Смерть в Миракл Крик (Ким) - страница 191

Шеннон сказала:

– Анна нашла вентилятор, а я принесла воды. Вы все еще очень бледная. Вот, выпейте, – она поднесла стаканчик к губам Элизабет и наклонила, как дают попить инвалидам.

Элизабет оттолкнула его.

– Нет, мне просто жарко. Здесь тяжело дышать.

– Знаю, извините, – ответила Шеннон. – Здесь намного теснее, чем в нашей обычной комнате, и здесь нет окон.

Элизабет хотела было спросить, почему окна так важны, но тут вспомнила. Щелчки и вспышки камер, как Шеннон пытается заслонить ее, а репортеры атакуют нескончаемым градом вопросов: Что значит, не было никакой кошки? У ваших соседей есть кошки? У вас когда-либо была кошка? Вы любите кошек? У Генри была аллергия на кошек? Вы верите в онихэктомию?

Кошка. Царапина. Рука Генри. Его голос. Его слова…

Элизабет ощутила приступ слабости, чувства уплывали, мир потемнел. Ей нужен воздух. Она подставила лицо прямо под струю от маленького вентилятора, закрепленного на столике. Адвокаты ничего не заметили, они проверяли голосовую почту и письма. Она сфокусировалась на воздухе, на сливающихся воедино лопастях, и минуту спустя кровь вернулась в голову, в черепе стало покалывать.

– Это что, фотография ногтей Элизабет? – спросила Анна.

– Вот черт, готова поспорить, присяжные… – начала Шеннон, но Элизабет закрыла глаза, приставила ладони к ушам, сосредоточилась на шуме вентилятора, который при должном усилии заглушал их голоса, оставляя только слова Генри. «Ездила бы в отпуск по всему миру. Я не должен был родиться. Кошка меня ненавидит».

– Кошка меня ненавидит, – произнесла она едва слышно. Интересно, он говорил о некой абстрактной кошке, или о ней, исцарапавшей его и превратившейся в его рассказе в кошку. Неужели он правда думал, что она его ненавидит? И еще отсылка про отпуск: она однажды сказала это Терезе.
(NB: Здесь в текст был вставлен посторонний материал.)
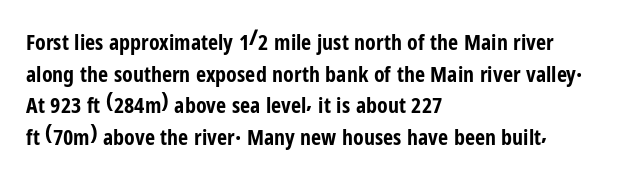
The image shows 22 px bold type, upright; set left-aligned, normal line spacing (1.44x), normal letter spacing, not underlined.
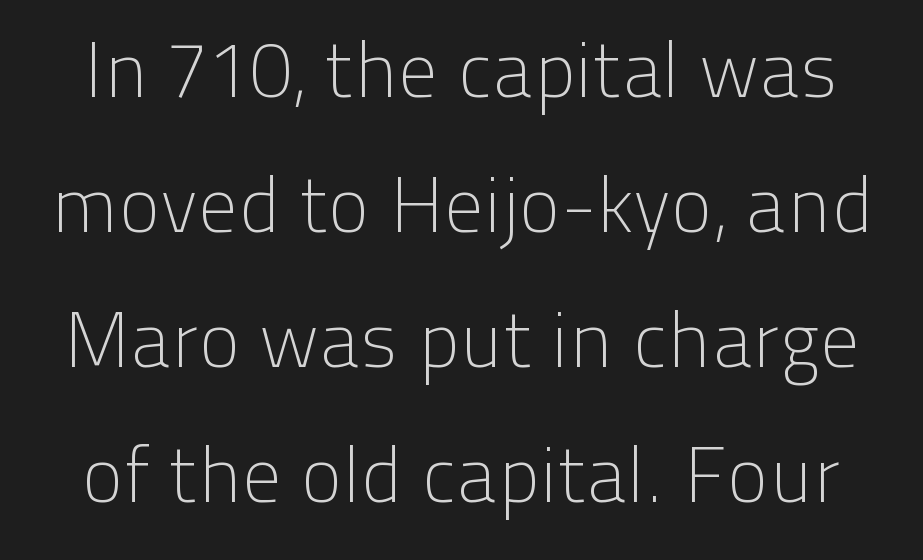
The image shows 79 px light sans-serif type, upright; set line spacing 1.71x, normal letter spacing, not underlined; low stroke contrast and a medium x-height.
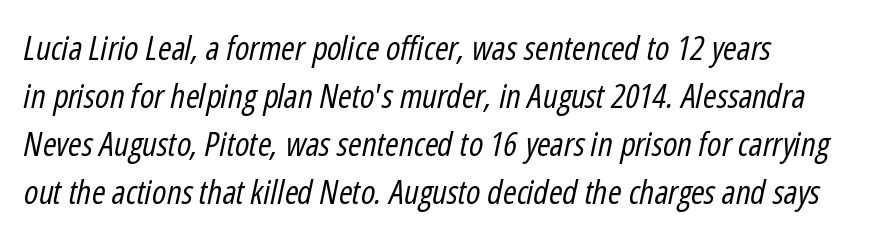
{"italic": "yes", "lean": "right", "slant_degrees": 12, "bold": "no", "weight": "regular", "width": "condensed", "stroke_contrast": "low", "x_height": "medium", "monospaced": "no", "underline": "no", "align": "left", "line_spacing": "normal", "line_spacing_ratio": 1.45, "letter_spacing": "normal", "letter_spacing_em": 0.0, "glyph_px": 33}
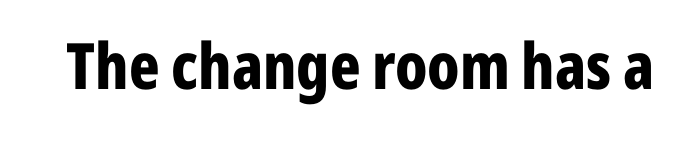
Q: Is the text bold? A: Yes.
Q: Is the text italic (slanted)? A: No, it is upright.
Q: Is the typeface a serif or a sans-serif typeface? A: Sans-serif.
Q: Is the text underlined? A: No.
Q: Is the spacing between letters normal or unusually wide? A: Normal.
Q: Width (condensed, normal, or wide)? A: Condensed.
Q: Stroke contrast? A: Low.
Q: x-height? A: Medium.
Q: Monospaced? A: No.
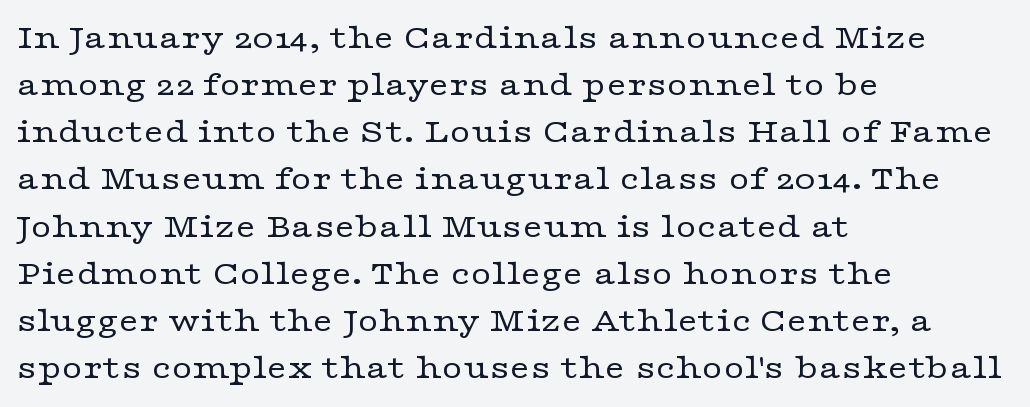
The passage shown is typed in a proportional face where columns would drift. This rendering leaves character spacing at its baseline value. Rendered with straight, roman letterforms. A clean baseline with only descenders dipping below it. Classification — serif.
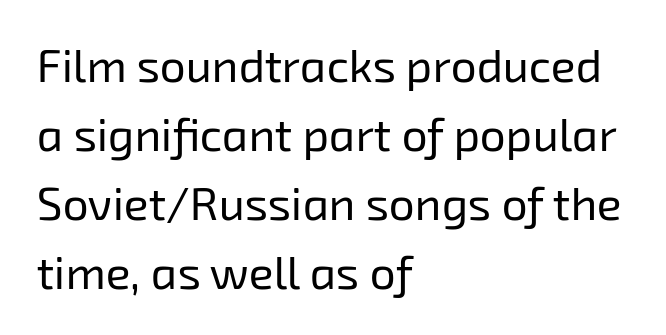
{"serif": "no", "bold": "no", "weight": "regular", "width": "normal", "stroke_contrast": "low", "x_height": "medium", "monospaced": "no", "underline": "no", "align": "left", "line_spacing": "normal", "line_spacing_ratio": 1.5, "letter_spacing": "normal", "letter_spacing_em": 0.0, "glyph_px": 46}
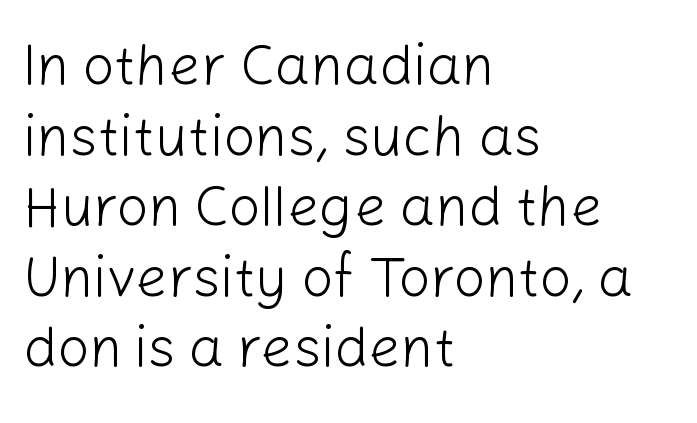
{"serif": "no", "italic": "no", "bold": "no", "weight": "light", "width": "normal", "stroke_contrast": "low", "x_height": "medium", "monospaced": "no", "underline": "no", "align": "left", "line_spacing": "normal", "line_spacing_ratio": 1.26, "letter_spacing": "normal", "letter_spacing_em": 0.0, "glyph_px": 56}
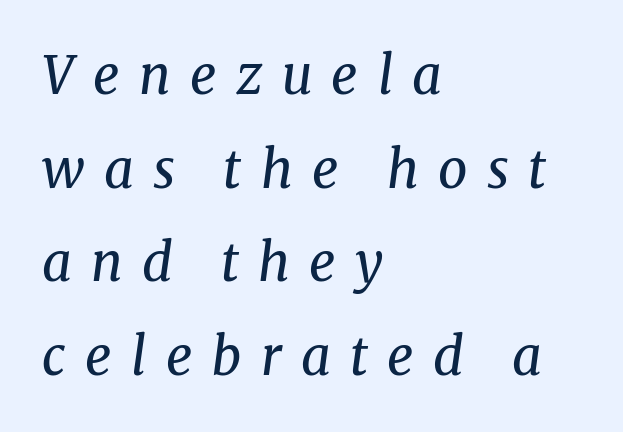
Typographically, this falls in the serif category. Descenders hang freely into open space. Varying glyph widths throughout — classic text-font behaviour. Notice how the stems are inclined rather than vertical — that's the hallmark of italics. The strokes carry an ordinary text weight at most.
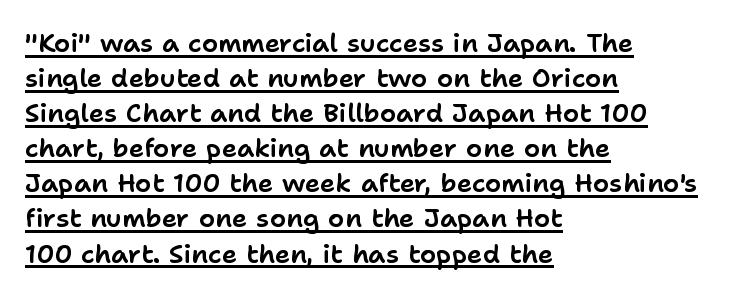
{"italic": "no", "underline": "yes", "align": "left", "line_spacing": "normal", "line_spacing_ratio": 1.35, "letter_spacing": "normal", "letter_spacing_em": 0.0, "glyph_px": 26}
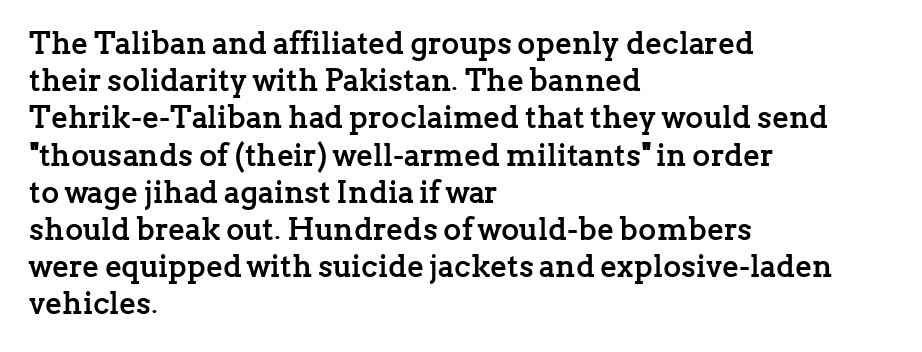
{"serif": "yes", "italic": "no", "bold": "yes", "weight": "semibold", "width": "normal", "stroke_contrast": "low", "x_height": "medium", "monospaced": "no", "underline": "no", "align": "left", "line_spacing_ratio": 1.2, "letter_spacing": "normal", "letter_spacing_em": 0.0, "glyph_px": 31}
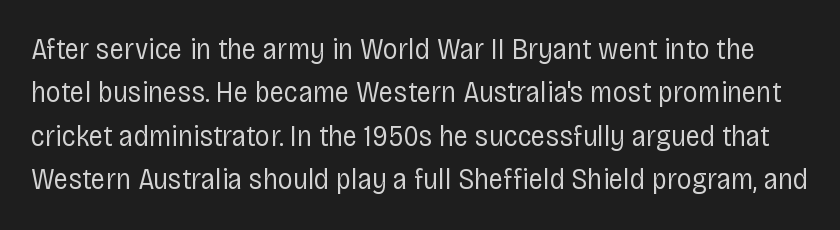
{"serif": "no", "italic": "no", "bold": "no", "weight": "regular", "width": "condensed", "stroke_contrast": "low", "x_height": "large", "monospaced": "no", "underline": "no", "line_spacing": "normal", "line_spacing_ratio": 1.45, "letter_spacing": "normal", "letter_spacing_em": 0.0, "glyph_px": 30}
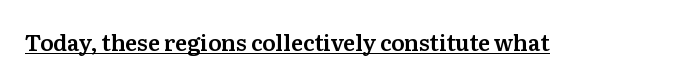
{"italic": "no", "underline": "yes", "letter_spacing": "normal", "letter_spacing_em": 0.0, "glyph_px": 22}
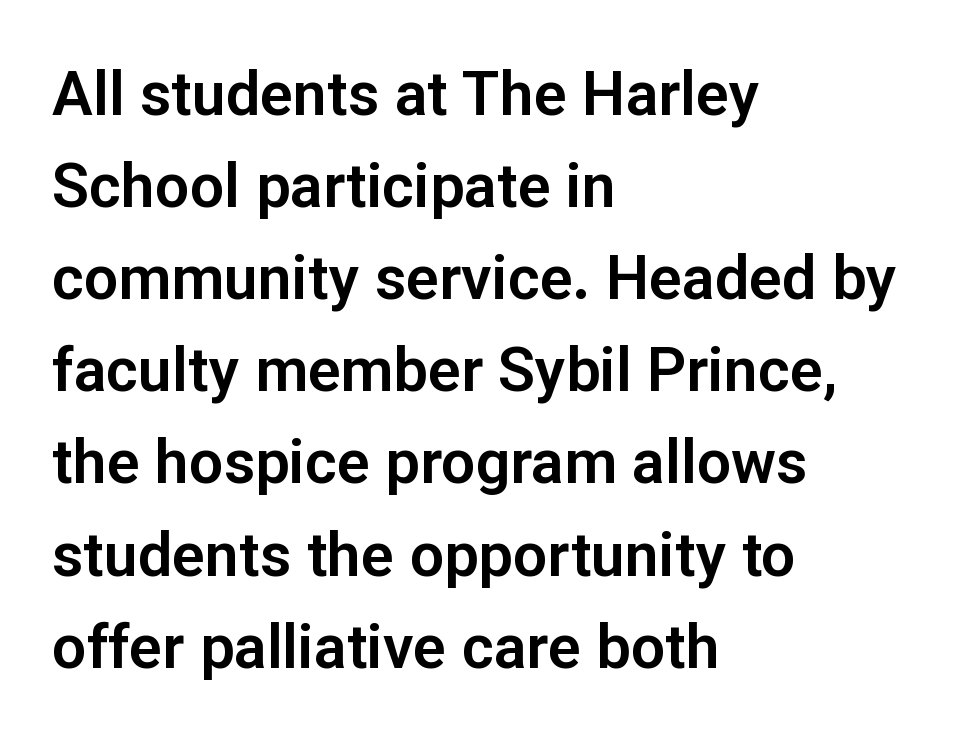
The image shows 61 px sans-serif type, upright; set left-aligned, normal line spacing (1.51x), normal letter spacing, not underlined; low stroke contrast and a medium x-height.
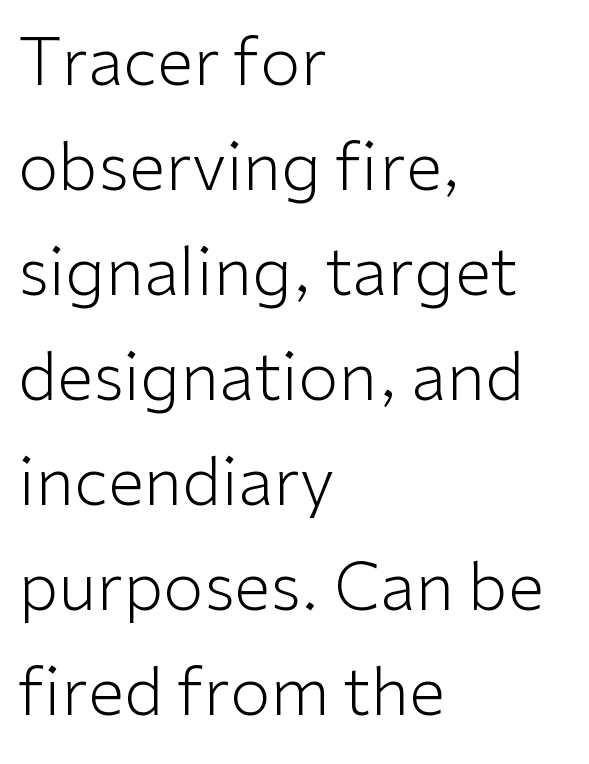
{"serif": "no", "italic": "no", "bold": "no", "weight": "light", "width": "normal", "stroke_contrast": "low", "x_height": "medium", "monospaced": "no", "underline": "no", "align": "left", "line_spacing": "normal", "line_spacing_ratio": 1.59, "letter_spacing": "normal", "letter_spacing_em": 0.0, "glyph_px": 66}
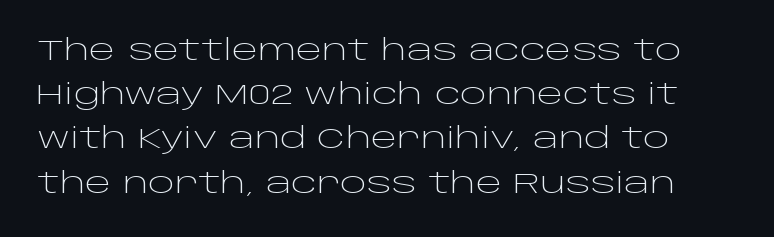
The passage shown has conventional tracking throughout. Varying glyph widths throughout — classic text-font behaviour. Observe the absence of serifs on each vertical stroke in this sample. Is this a heavy cut? Hardly; it is regular or lighter.
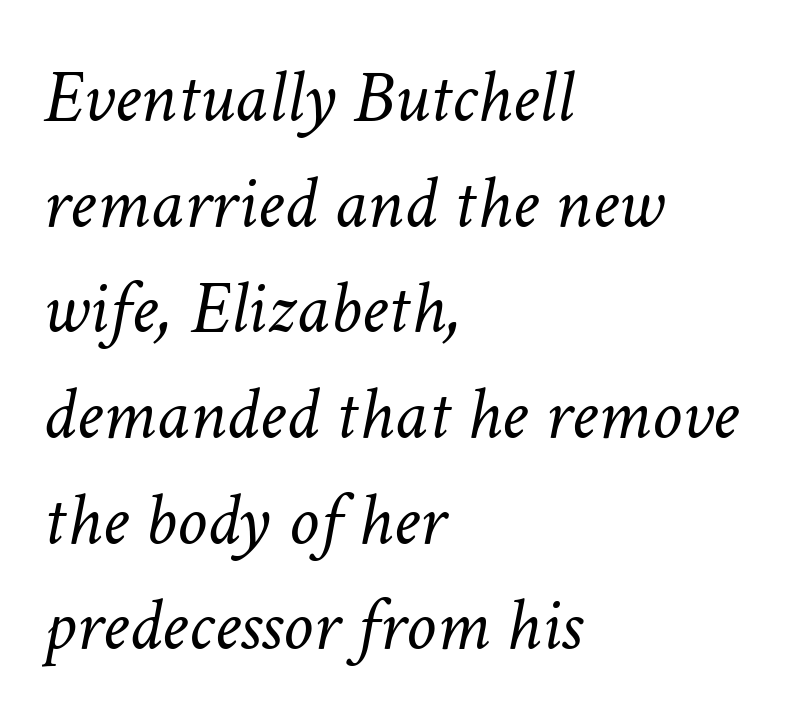
The image shows 76 px light type, italic (leaning right); set left-aligned, normal line spacing (1.39x), normal letter spacing, not underlined; low stroke contrast and a medium x-height.
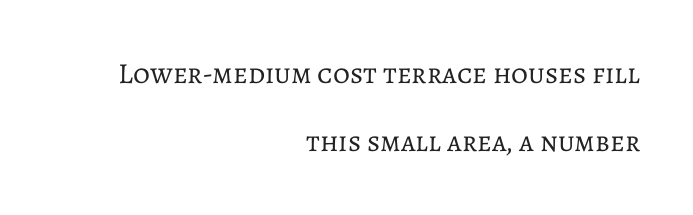
The image shows 29 px regular-weight type, upright; set right-aligned, loose line spacing (2.36x), normal letter spacing, not underlined; low stroke contrast and a medium x-height.
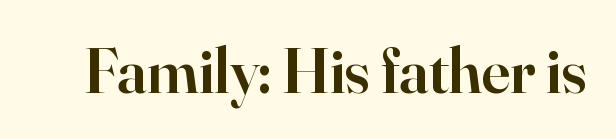
Q: Is the text bold? A: Semi-bold.
Q: Is the text italic (slanted)? A: No, it is upright.
Q: Is the typeface a serif or a sans-serif typeface? A: Serif.
Q: Is the text underlined? A: No.
Q: Is the spacing between letters normal or unusually wide? A: Normal.
Q: Width (condensed, normal, or wide)? A: Normal.
Q: Stroke contrast? A: High.
Q: x-height? A: Small.
Q: Monospaced? A: No.
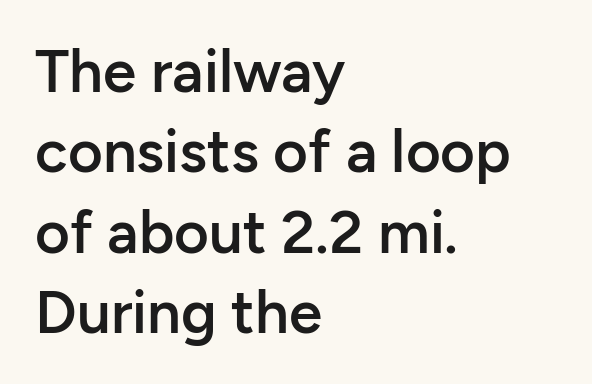
Q: Is the text bold? A: Semi-bold.
Q: Is the text italic (slanted)? A: No, it is upright.
Q: Is the typeface a serif or a sans-serif typeface? A: Sans-serif.
Q: Is the text underlined? A: No.
Q: How is the paragraph aligned? A: Left-aligned.
Q: Is the spacing between letters normal or unusually wide? A: Normal.
Q: Is the spacing between lines tight, normal or loose? A: Normal.
Q: Width (condensed, normal, or wide)? A: Normal.
Q: Stroke contrast? A: Low.
Q: x-height? A: Medium.
Q: Monospaced? A: No.
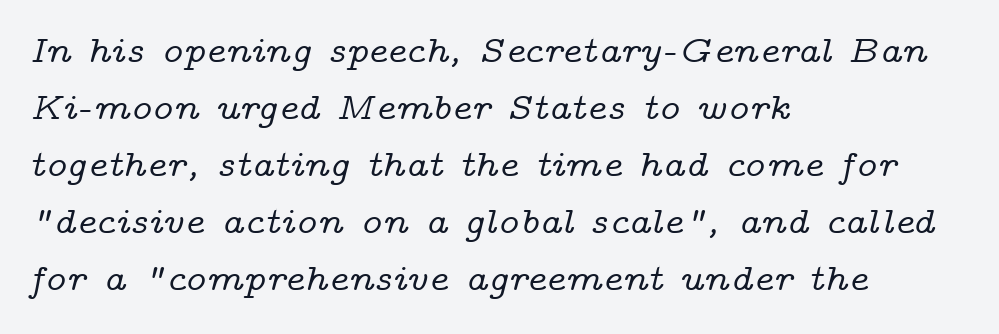
Q: Is the text italic (slanted)? A: Yes, it leans right by about 14 degrees.
Q: Is the typeface a serif or a sans-serif typeface? A: Serif.
Q: Is the text underlined? A: No.
Q: How is the paragraph aligned? A: Left-aligned.
Q: Is the spacing between letters normal or unusually wide? A: Normal.
Q: Is the spacing between lines tight, normal or loose? A: Normal.
Q: Width (condensed, normal, or wide)? A: Wide.
Q: Stroke contrast? A: Low.
Q: x-height? A: Medium.
Q: Monospaced? A: No.
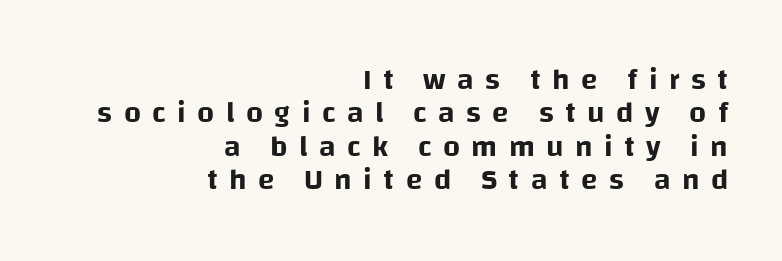
Q: Is the text italic (slanted)? A: No, it is upright.
Q: Is the typeface a serif or a sans-serif typeface? A: Sans-serif.
Q: Is the text underlined? A: No.
Q: How is the paragraph aligned? A: Right-aligned.
Q: Is the spacing between letters normal or unusually wide? A: Unusually wide.
Q: Is the spacing between lines tight, normal or loose? A: Tight.
Q: Width (condensed, normal, or wide)? A: Normal.
Q: Stroke contrast? A: Low.
Q: x-height? A: Large.
Q: Monospaced? A: No.

Но она тогда отодвинулась подальше от Генри, который смотрел телевизор, и говорила шепотом, чтобы точно не было слышно. Но он услышал. И ее тоже шепотом сделанное признание, что иногда она мечтала, чтобы он умер: эти слова эхом отскакивали от стальных стен и достигли его ушей.

Она как-то читала, что звуки оставляют постоянные отпечатки; тоновые вибрации проникают в близлежащие предметы и остаются навечно на квантовом уровне, как если бросить камушек в океан и рябь никогда не прекратится. Неужели ее слова, во всем их безобразии, проникли в атомы стен, так же, как боль Генри от того, что он их услышал, пропитала его мозг: и что во время последнего сеанса Генри сидел на том же самом месте в тех стенах, и безобразие и боль столкнулись и превратились во взрыв, раскидывая его нейроны в стороны, разрывая его изнутри?